Start of Task material

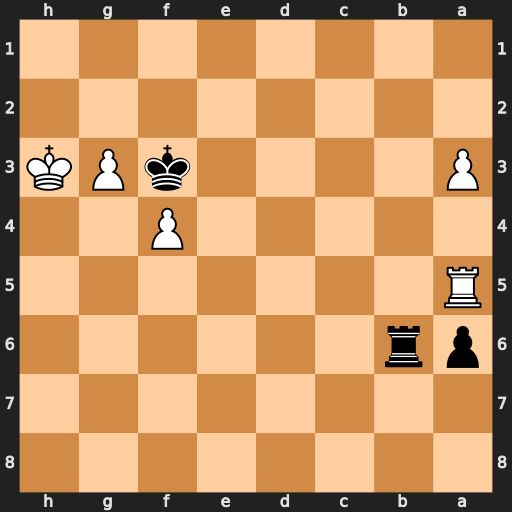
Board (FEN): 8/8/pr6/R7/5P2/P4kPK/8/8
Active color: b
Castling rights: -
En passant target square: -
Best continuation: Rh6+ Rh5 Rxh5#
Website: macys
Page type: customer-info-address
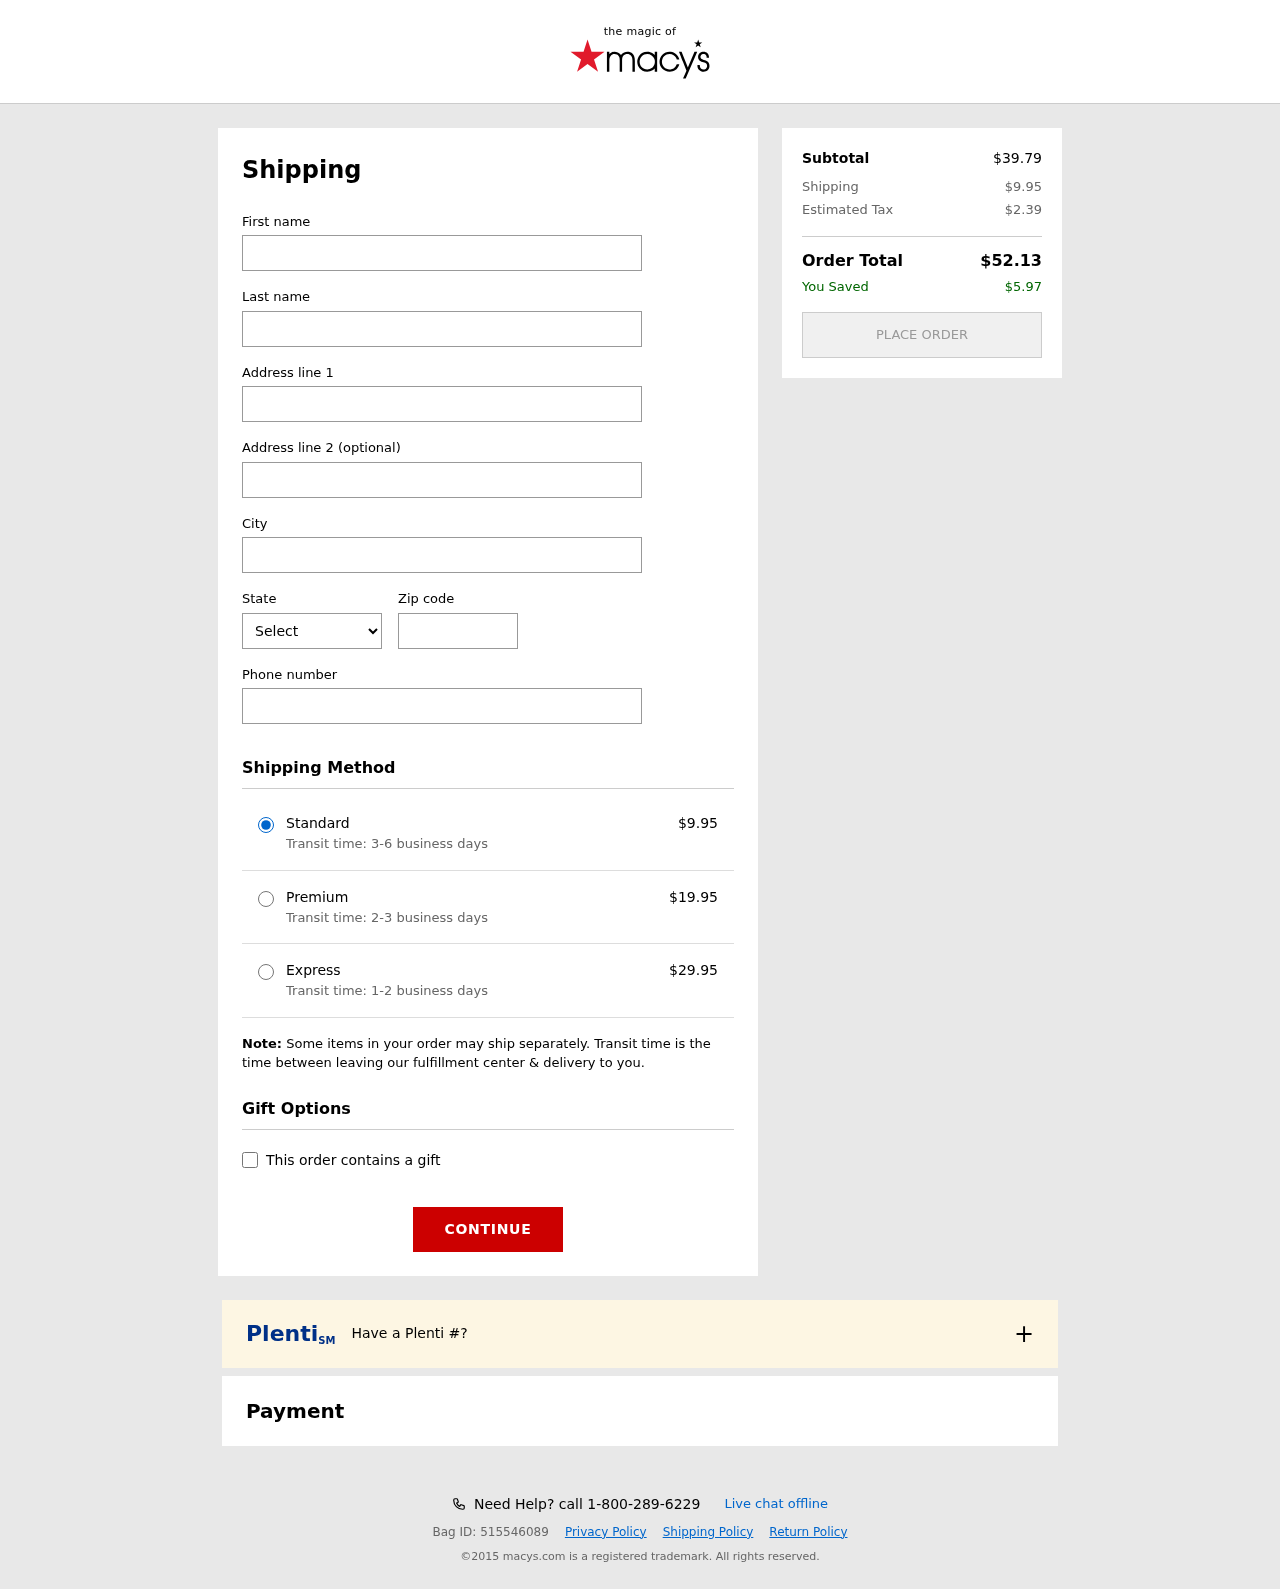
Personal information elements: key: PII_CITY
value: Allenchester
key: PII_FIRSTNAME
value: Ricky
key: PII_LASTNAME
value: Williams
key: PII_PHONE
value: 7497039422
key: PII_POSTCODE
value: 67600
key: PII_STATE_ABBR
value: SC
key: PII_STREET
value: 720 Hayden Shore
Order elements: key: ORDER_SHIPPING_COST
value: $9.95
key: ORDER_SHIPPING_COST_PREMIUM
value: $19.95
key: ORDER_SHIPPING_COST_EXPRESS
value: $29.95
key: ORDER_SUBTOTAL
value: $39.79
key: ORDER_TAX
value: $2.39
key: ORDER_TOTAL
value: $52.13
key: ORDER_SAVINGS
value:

End of Task material

* Task description
The expected response consists solely of the lines from the one with "value: $19.95" through the end of the records, repeated exactly.

* Exercise output
value: $19.95
key: ORDER_SHIPPING_COST_EXPRESS
value: $29.95
key: ORDER_SUBTOTAL
value: $39.79
key: ORDER_TAX
value: $2.39
key: ORDER_TOTAL
value: $52.13
key: ORDER_SAVINGS
value:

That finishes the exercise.